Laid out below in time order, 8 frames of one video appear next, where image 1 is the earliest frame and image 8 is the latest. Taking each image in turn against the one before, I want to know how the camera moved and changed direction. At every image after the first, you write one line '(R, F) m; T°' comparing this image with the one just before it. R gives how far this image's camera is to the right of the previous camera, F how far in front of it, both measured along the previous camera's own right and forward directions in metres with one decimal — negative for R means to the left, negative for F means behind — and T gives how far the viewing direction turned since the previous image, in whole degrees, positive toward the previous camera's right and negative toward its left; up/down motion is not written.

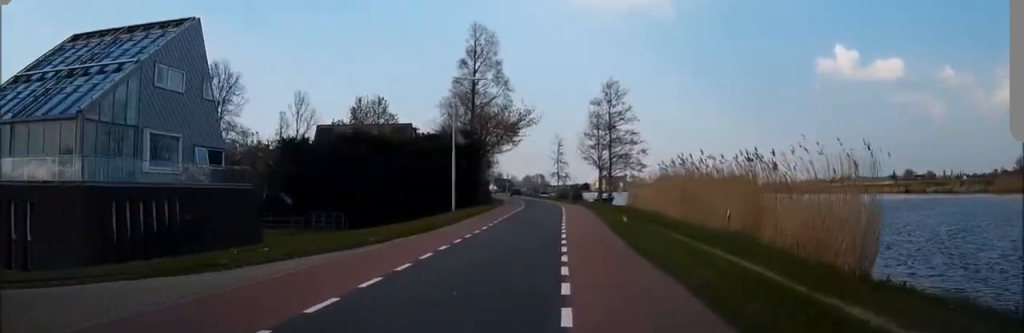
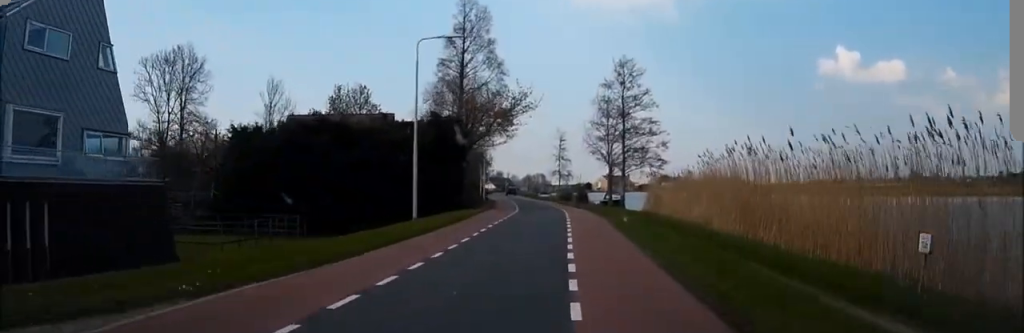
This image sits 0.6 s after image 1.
(0.0, +9.4) m; 0°
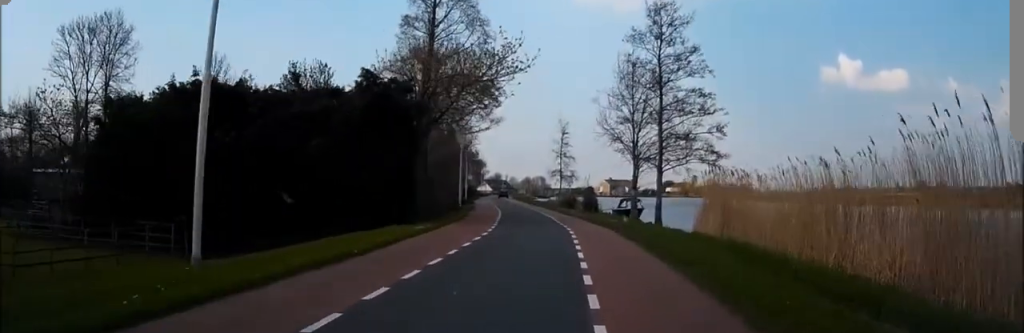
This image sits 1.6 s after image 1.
(-0.1, +15.0) m; 0°
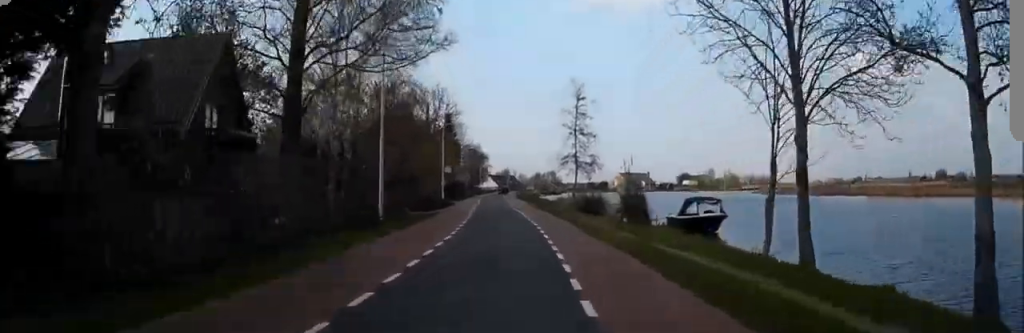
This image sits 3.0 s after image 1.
(-0.1, +21.3) m; -1°
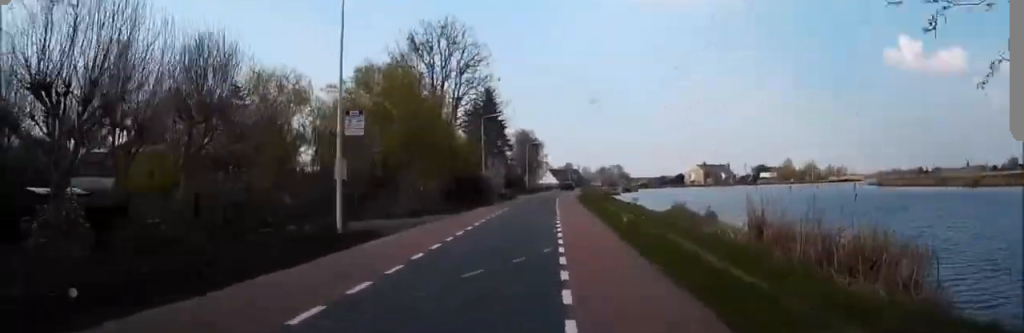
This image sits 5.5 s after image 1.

■ HOW TO COMPLETE THIS TASK:
Please retype the lines from the one that contains "This image sits 3.0 s after image 1." to the final line of the records, both included, exactly as written and without any pictures.

■ EXERCISE RESULT:
This image sits 3.0 s after image 1.
(-0.1, +21.3) m; -1°
This image sits 5.5 s after image 1.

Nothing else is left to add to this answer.